## WHAT IS BEING ASKED
Please reproduce all entries word for word and omit their pictures.

## SOURCE DATA
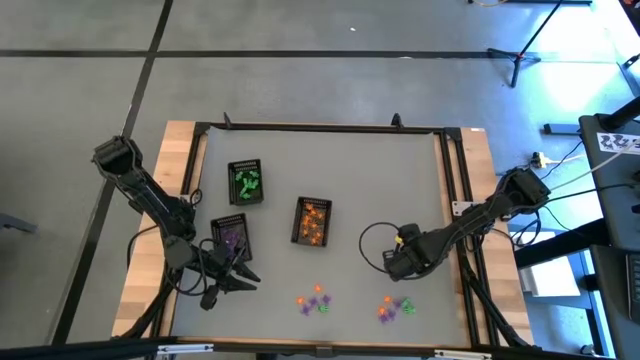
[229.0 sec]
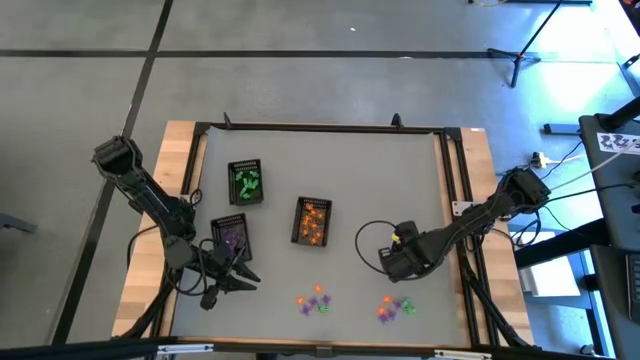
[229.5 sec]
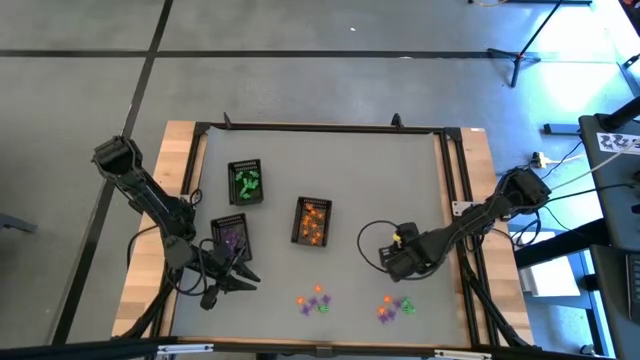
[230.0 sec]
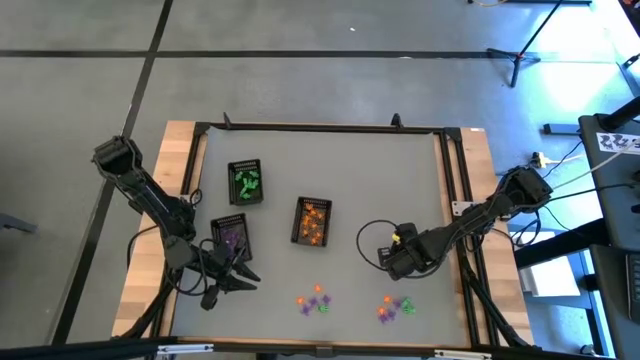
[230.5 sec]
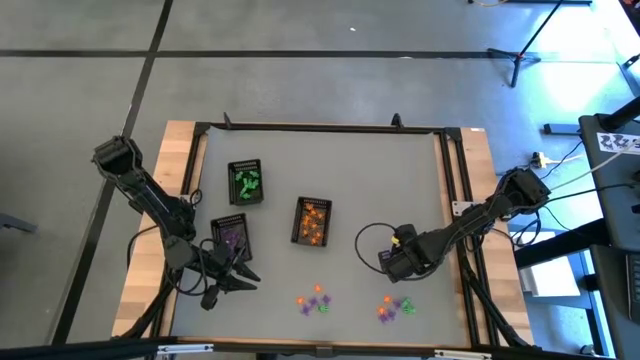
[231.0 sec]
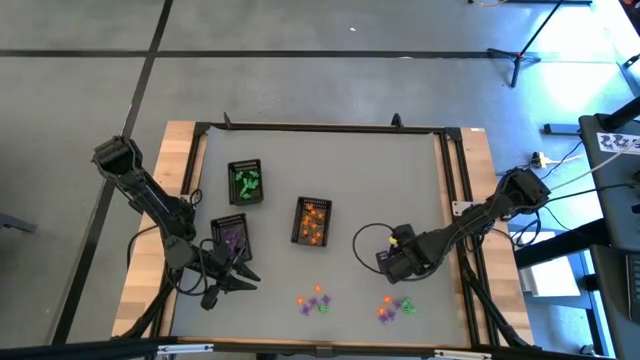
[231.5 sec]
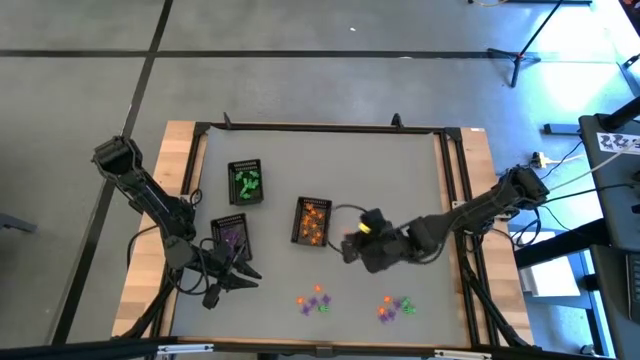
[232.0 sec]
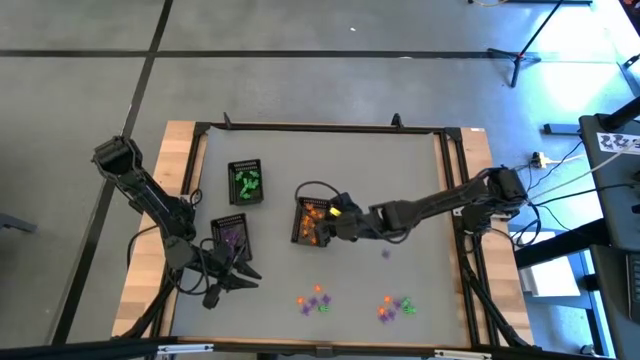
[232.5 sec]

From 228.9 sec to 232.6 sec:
Put the orange spider toy into the bottom right black basket

## ANSWER FOR THE TASK
[229.0 sec]
[229.5 sec]
[230.0 sec]
[230.5 sec]
[231.0 sec]
[231.5 sec]
[232.0 sec]
[232.5 sec]

From 228.9 sec to 232.6 sec:
Put the orange spider toy into the bottom right black basket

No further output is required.